Adeenya slid her right foot forward in the feint of a thrust. Jhoqo turned sideways, minimizing her target, and brought his blade up to defend just as she had hoped. She shifted her weight to her right foot and twisted to her right in a leap. Her left leg went backward in an arc until that foot found the ground, her back momentarily to Jhoqo. Completing the spin she faced him again, their positions parallel to the battle beside them. She evaded his retaliatory strike. His furrowed brow brought a grin to he
r lips.
Jhoqo sent his blade toward Adeenya in a wide arc. When she blocked with his falchion, the urir twisted his blade under the larger weapon and pulled back hard. Adeenya hissed as the sword flew from her hand to land in Jhoqo’s empty one. He tossed the smaller blade he had been using to her, shifting the falchion to his proper hand. She did not try to hide her surprise that he had rearmed her. Jhoqo gripped his returned blade and smiled, welcoming back a lost limb.
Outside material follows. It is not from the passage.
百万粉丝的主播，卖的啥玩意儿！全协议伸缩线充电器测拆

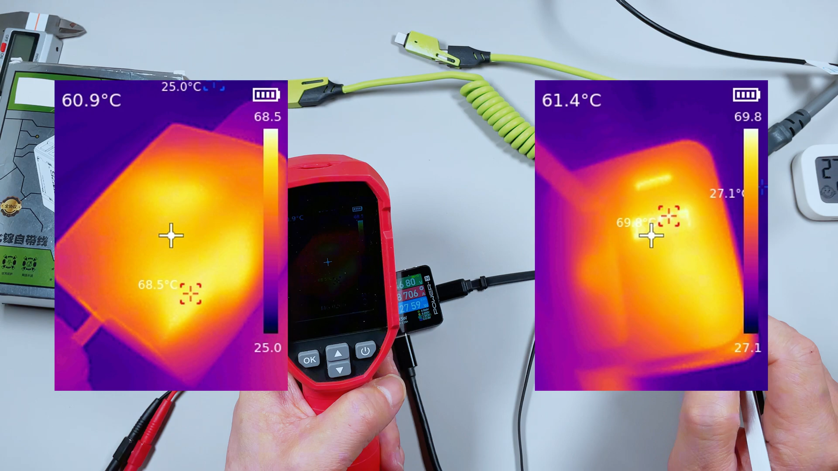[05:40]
5度核心温度为69.8度然后运行到一个小时的时候表面温度为74度核心温度也是74度左右测

His men in the courtyard were holding the rebellious faction at bay, though more of the Chondathans had died.
“Help me stop them,” he said to Adeenya, pointing past her to the roiling mass of fighters.
“Stop your own people so that the Chondathans can slaughter them?” she spat.
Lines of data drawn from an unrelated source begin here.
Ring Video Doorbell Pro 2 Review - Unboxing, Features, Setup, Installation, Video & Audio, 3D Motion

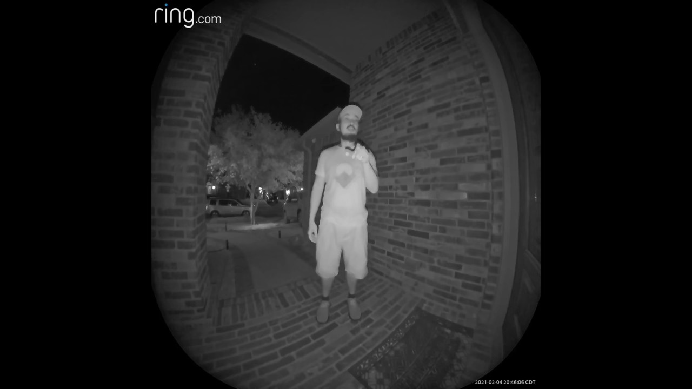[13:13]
and the caller night vision is turned off, and also the infrared LEDs are turned on, and the light vision is on standard mode. So this about looks like when I'm close to the doorbell, and this is what it looks like when I'm close to the door.
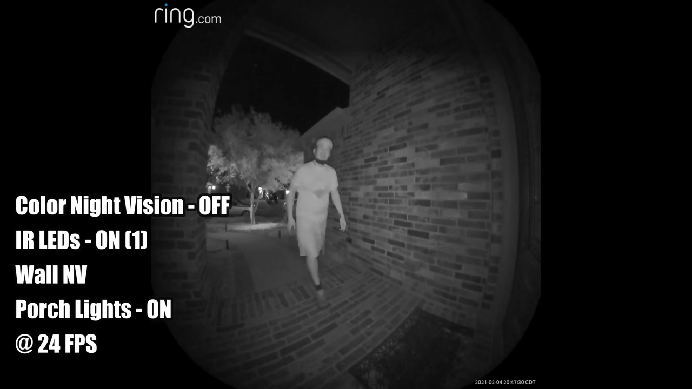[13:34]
So this is the video quality of the Ring Pro 2 at night, no lights, and the infrared LEDs are turned on, and there's actually only one infrared LED. This is the night vision, or the infrared LEDs are on the wall mode.
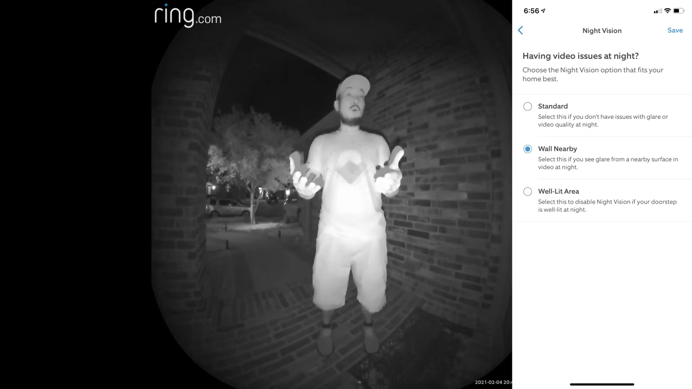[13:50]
That means if the doorbell is facing the wall, I guess, to prevent glare, so this is what it looks like. Only one LED is working. So this is when I'm close to the doorbell, and this is what it looks like when I'm close to the door.
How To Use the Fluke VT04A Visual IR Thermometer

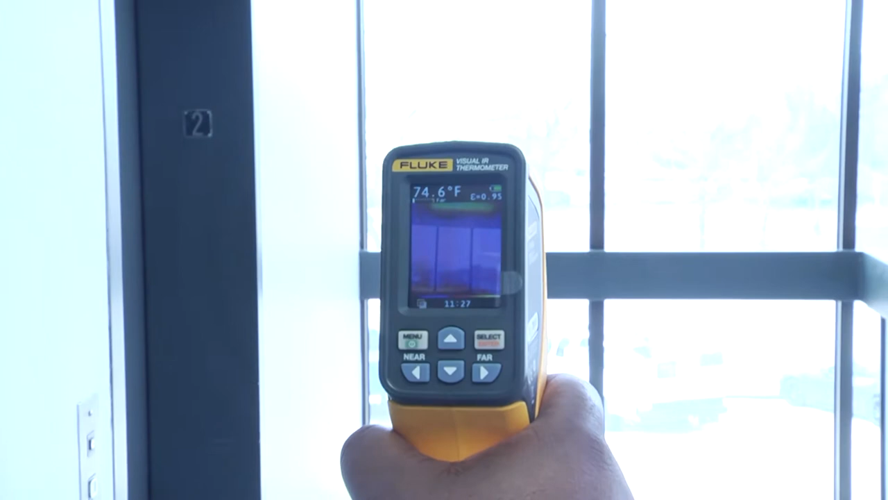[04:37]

“All of them! Help me stop all of them. No one needs to be dying,” he said.
Adeenya squinted, her sword hand lowering for a moment before resuming its guarded position. Maybe she could see the sense of it. With her help, Jhoqo could put an end to all of this madness and help his soldiers and even the Durpari to see the truth of things, to help him build the future. He smiled at her and drew his arms out wide. Adeenya stared for a few moments before lunging forward in an obvious feint, and then turning to dash into the warring crowd before Jhoqo could recover from his dodge and stop her.
“No!” he shouted, chasing her into the mass of bodies, both living and dead.
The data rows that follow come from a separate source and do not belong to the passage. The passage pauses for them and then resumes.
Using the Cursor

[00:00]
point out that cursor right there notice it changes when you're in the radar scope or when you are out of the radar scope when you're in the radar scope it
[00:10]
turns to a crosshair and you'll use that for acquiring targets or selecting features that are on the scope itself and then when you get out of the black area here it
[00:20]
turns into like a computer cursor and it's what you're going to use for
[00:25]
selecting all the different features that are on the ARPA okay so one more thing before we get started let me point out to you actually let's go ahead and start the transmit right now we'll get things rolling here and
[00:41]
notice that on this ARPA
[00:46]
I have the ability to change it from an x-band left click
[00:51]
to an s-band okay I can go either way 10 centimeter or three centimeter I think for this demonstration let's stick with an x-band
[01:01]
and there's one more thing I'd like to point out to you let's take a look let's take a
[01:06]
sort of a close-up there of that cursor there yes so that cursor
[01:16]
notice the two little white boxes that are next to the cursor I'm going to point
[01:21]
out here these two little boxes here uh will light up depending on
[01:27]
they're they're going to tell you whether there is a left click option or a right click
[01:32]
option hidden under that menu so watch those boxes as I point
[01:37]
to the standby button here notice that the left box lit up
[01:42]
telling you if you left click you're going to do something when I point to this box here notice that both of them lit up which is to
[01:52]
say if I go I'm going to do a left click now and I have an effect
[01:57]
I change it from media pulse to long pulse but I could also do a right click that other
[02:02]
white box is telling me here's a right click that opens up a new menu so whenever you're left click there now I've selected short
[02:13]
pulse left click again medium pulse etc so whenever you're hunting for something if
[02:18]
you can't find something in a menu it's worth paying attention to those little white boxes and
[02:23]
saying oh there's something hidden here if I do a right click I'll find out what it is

Adeenya was slim and nimble and easily made her way through the crowd, while behind her Jhoqo was forced to crash through, shoving aside Chondathan, Maquar, and Durpari alike.
“To me!” Adeenya shouted. “For the Shining South!”
The orir gutted a Chondathan before cuffing another on the head, sending both men to the ground. She was shouting for the rebels to rally around her, and they came. Soldier by soldier they made their way toward her, tightening their circle of solidarity in the writhing mass of battle.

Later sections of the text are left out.